I also think it is simpler to write interpreters and translators in Lisps than in any other languages. If I can command the FPGA from Scheme, making it happen from C, C++, Java, or any other language is a SMOP (a great way to learn a language is to create an interpretter for it!) This is the case for me and probably for all MIT students who have all written a Scheme evaluator in Scheme for the introductory computer science course. If I want to utilize MIT computer science talent on an FPGA programming language project, Lisp is definitely the way to go.

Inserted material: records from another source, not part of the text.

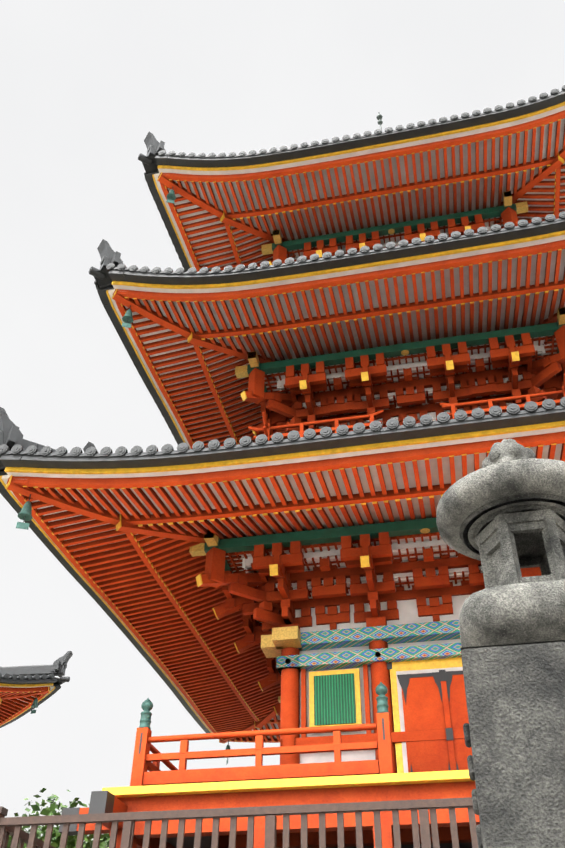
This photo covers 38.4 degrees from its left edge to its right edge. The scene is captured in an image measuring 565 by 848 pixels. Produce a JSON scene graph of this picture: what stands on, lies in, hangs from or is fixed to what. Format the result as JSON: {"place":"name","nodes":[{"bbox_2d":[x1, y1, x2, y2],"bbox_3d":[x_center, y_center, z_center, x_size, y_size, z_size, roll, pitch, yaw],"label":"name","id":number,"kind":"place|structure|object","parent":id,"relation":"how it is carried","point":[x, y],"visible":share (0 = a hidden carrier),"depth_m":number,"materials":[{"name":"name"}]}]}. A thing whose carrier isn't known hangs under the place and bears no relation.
{"place":"outdoors","nodes":[
{"label":"outdoors","id":0,"kind":"place"},
{"bbox_2d":[0,0,564,842],"label":"sky","id":1,"kind":"structure","parent":0,"point":[84,83],"materials":[{"name":"white"}]},
{"bbox_2d":[461,640,564,847],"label":"stone pillar","id":2,"kind":"structure","parent":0,"point":[514,732],"depth_m":3.15,"materials":[{"name":"stone"}]},
{"bbox_3d":[3.403,3.157,2.195,8.000,1.300,4.200,-7,-40,10],"label":"lantern plinth wall","id":3,"kind":"object","parent":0,"visible":0},
{"bbox_2d":[436,438,564,646],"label":"stone lantern","id":4,"kind":"object","parent":3,"relation":"on","point":[500,515],"visible":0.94,"depth_m":5.15,"materials":[{"name":"stone"}]},
{"label":"ground","id":5,"kind":"structure","parent":0,"visible":0},
{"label":"terrace","id":6,"kind":"structure","parent":5,"relation":"on","visible":0},
{"bbox_2d":[0,651,72,727],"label":"roof","id":7,"kind":"structure","parent":6,"relation":"on","point":[24,690],"depth_m":31.08,"materials":[{"name":"tile"}]},
{"bbox_2d":[7,798,108,847],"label":"tree","id":8,"kind":"object","parent":6,"relation":"on","point":[56,839],"visible":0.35,"depth_m":16.79,"materials":[{"name":"plant"}]},
{"bbox_2d":[9,788,109,847],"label":"tree","id":9,"kind":"object","parent":6,"relation":"on","point":[53,797],"visible":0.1,"depth_m":21.47,"materials":[{"name":"plant"}]},
{"bbox_2d":[82,803,109,847],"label":"tree","id":10,"kind":"object","parent":6,"relation":"on","point":[104,838],"visible":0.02,"depth_m":20.37,"materials":[{"name":"plant"}]},
{"bbox_2d":[0,797,477,847],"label":"fence","id":11,"kind":"object","parent":6,"relation":"on","point":[11,826],"visible":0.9,"depth_m":11.08,"materials":[{"name":"wood"}]},
{"bbox_2d":[0,85,564,847],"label":"pagoda","id":12,"kind":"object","parent":6,"relation":"on","point":[346,353],"visible":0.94,"depth_m":17.90,"materials":[{"name":"wood"}]}
]}

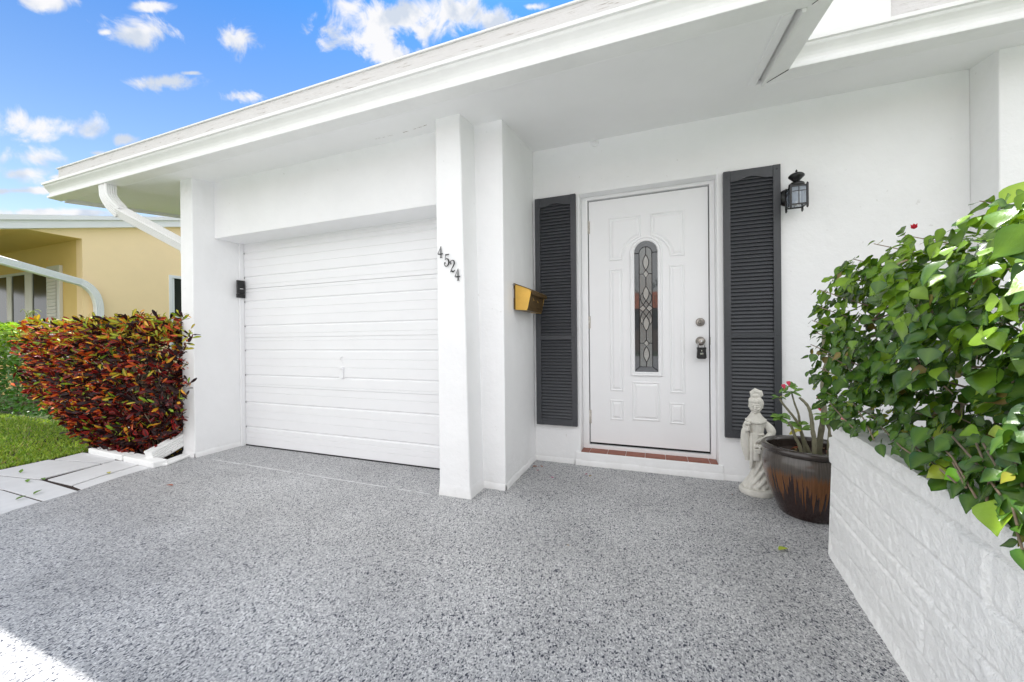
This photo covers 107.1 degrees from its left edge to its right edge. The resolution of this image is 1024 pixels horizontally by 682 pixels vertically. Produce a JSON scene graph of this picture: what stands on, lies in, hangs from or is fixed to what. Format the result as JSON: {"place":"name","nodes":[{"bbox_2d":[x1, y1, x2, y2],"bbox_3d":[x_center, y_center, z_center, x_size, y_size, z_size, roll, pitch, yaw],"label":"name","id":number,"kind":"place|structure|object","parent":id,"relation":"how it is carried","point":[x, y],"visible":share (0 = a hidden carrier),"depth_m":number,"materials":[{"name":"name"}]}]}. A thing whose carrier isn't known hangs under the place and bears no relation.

A large part of the problem with HDL tools is that semantic eloquence is vacant from hardware description. Machine design through explicit module definition is not the best way to solve massive and complex problems; Verilog becomes extremely bulky and debugging systems can take an extremely long time. In my 6.111 project I was drawn to the idea of using multiple parallel datapaths and creating an assembler to assign functions to each of the datapaths. I later discovered that this was not an uncommon practice. We would want to go a level higher than this to solve bigger problems in less time: we want our system to spawn specific datapaths for a particular algorithm in order to maximize throughput. The system should generate optimal hardware structures from a high-level algorithm description.

Recursive functional programming allows for us to think of massively sized machines unfolding to solve a problem; often times we would unfold machines much larger than an FPGA could emulate. If we are at 99% resource utilization we may still map our problem to the FPGA, but once we go to 101% our entire design fails. There is currently no good way to implement a system that pushes and pops state and configuration data. We want to be able to dynamically spawn modules and alter the connection between modules to enable the architecture implement systems that are much more complicated than could fit statically on the FPGA.

I recently read a paper about function multiplexing on an FPGA. The idea is that each configurable unit may have multiple configurations. We could utilize this to dynamically transition a module between functionalities: while the FPGA is in configuration 0, we reprogram configuration 1. As soon as configuration 0 has completed its execution, the system switches to configuration 1. We then reprogram configuration 0 and so forth. If we have more than 2 configuration spaces we can even imagine data directed, conditional reconfiguration in which we choose between multiple next configurations based on the state of the system at some branch point.

To do this we would an operating system to manage the resources of an FPGA based computer. Such an operating system should work symmetrically with distributed computing systems and multi-core CPUs. The scope of this problem is much larger than I can accomplish on my own. It will be incredibly important to look at what's already been done and to devise a methodology and a taxonomy that can easily be adopted by the community of FPGA developers.